Cooter Brown and I were in the process of buying a house.
A really cool, funky house surrounded by trees and nice people and gentle hills.
The house needed a lot of love, and we were willing to give that love.
But fate, or whatever it is, intervened and we lost our little house. Days before it was officially ours.
And it feels like a death. It's crushing, really, how badly losing a home feels.
A home that, like I just said, wasn't even ours yet.
I pride myself on not being super materialistic. If my apartment burned down, I'd miss my shoes and my jeans and my computer, but I'd live.
I'd mourn for my iPhone, sure, and I'd be sad having to replace my "[Name of High School] Class of '01" coffee mug with something generic from Target. But I'd live.
And I'll live after losing this house. But this hurts so impossibly much.
I'm no stranger to mental pain. I lost a job when the economy was shit, while I was unmarried and living with a guy. And I was frightful that he'd leave me if he had to support me. I've lost family members and friends, and nearly lost my mind at the same time. I even faced being crippled when my surgery went all wrong and had to deal with the fear that I might not walk right, get in and out of cars easily, or run ever again (I still have a slight limp today, but only a few have noticed).
But losing this house hurt in a new way. It was a failure. I failed. I failed that little house and the future we would share. And now it will sit there and continue to rot away and die.

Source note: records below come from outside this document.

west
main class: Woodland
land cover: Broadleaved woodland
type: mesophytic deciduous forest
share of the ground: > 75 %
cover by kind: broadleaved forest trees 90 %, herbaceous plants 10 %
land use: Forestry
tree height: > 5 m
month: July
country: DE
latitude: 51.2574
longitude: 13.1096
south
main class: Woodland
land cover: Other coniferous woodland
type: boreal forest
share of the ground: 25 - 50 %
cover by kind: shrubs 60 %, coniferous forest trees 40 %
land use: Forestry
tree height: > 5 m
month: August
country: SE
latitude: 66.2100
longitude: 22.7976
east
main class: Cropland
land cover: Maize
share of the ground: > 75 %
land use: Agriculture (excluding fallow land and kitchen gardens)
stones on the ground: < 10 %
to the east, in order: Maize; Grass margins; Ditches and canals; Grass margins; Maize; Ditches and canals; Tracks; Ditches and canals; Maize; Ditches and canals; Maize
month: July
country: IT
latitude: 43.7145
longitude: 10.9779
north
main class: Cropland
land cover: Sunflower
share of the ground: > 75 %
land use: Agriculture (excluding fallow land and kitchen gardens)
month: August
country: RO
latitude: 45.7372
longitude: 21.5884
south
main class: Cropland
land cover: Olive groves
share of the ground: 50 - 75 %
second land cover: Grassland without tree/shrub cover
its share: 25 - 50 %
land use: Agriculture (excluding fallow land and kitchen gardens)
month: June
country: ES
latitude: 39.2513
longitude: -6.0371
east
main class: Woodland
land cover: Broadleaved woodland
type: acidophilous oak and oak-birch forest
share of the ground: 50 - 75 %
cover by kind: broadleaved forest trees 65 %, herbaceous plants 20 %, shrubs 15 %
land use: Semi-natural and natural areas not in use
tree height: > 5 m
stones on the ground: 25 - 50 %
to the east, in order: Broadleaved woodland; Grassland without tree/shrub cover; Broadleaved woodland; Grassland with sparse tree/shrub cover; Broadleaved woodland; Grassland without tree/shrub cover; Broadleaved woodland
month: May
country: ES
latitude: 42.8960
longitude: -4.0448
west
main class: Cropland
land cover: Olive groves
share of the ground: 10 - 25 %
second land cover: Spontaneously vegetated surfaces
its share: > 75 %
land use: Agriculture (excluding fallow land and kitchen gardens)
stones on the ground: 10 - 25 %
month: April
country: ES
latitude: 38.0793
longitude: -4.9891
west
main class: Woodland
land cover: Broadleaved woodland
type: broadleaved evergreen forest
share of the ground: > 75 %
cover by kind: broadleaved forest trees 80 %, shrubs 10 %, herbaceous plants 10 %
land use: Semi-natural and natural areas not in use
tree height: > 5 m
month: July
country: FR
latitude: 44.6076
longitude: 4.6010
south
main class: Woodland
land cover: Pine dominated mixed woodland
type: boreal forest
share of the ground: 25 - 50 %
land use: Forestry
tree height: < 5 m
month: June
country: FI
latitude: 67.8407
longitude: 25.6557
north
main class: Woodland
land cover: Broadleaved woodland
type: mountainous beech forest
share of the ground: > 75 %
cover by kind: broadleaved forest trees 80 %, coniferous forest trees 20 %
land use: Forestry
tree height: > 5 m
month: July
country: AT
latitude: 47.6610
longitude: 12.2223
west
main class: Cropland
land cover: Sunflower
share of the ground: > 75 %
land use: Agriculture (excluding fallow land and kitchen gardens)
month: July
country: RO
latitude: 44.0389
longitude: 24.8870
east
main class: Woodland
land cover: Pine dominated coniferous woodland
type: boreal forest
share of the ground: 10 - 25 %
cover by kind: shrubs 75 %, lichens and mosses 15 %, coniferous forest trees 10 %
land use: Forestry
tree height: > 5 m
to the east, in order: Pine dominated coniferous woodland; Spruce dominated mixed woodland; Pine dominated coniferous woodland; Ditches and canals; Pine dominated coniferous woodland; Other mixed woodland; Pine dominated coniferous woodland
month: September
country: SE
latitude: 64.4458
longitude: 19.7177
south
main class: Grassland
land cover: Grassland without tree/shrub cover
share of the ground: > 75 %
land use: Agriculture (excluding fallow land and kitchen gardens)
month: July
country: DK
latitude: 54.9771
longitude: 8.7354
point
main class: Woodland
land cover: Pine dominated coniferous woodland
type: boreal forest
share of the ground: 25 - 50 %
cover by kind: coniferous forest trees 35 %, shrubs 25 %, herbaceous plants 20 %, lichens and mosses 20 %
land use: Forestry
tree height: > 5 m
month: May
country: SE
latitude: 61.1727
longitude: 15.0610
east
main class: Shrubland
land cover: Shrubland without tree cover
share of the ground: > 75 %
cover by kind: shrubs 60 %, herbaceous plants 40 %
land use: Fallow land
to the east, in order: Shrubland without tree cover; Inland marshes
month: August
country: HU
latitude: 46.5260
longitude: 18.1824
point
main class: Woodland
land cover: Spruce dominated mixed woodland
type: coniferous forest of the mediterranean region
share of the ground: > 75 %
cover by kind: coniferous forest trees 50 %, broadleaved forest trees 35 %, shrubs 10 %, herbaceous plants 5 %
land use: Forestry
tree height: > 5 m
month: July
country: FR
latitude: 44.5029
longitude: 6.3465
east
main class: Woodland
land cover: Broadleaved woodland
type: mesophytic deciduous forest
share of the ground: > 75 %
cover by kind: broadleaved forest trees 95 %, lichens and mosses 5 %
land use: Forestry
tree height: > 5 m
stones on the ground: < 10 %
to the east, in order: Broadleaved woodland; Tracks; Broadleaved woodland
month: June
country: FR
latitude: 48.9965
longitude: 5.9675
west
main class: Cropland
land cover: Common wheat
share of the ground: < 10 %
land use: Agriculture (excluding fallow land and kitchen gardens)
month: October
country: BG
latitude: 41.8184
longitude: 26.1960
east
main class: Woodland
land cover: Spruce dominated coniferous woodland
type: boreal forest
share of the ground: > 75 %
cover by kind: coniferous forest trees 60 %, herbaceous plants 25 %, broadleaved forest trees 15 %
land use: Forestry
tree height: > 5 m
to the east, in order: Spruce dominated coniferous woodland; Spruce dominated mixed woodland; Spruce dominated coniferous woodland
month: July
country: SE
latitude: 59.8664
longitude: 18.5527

We dodged a bullet, everyone is saying.
It happened for a reason, we keep hearing.
It wasn't meant to be, people have repeated ad infinitum.
Blessing in disguise? Maybe. Divine intervention? Arrogant to think that my life is that important, but whatever. Fucked up coincidence that happened in the nick of time? Most likely, although that blows, too.
Anyway, I'll just keep on keeping on. And eventually I'll get off of this sad little roller coaster and onto the platform of another home. Hopefully a better home.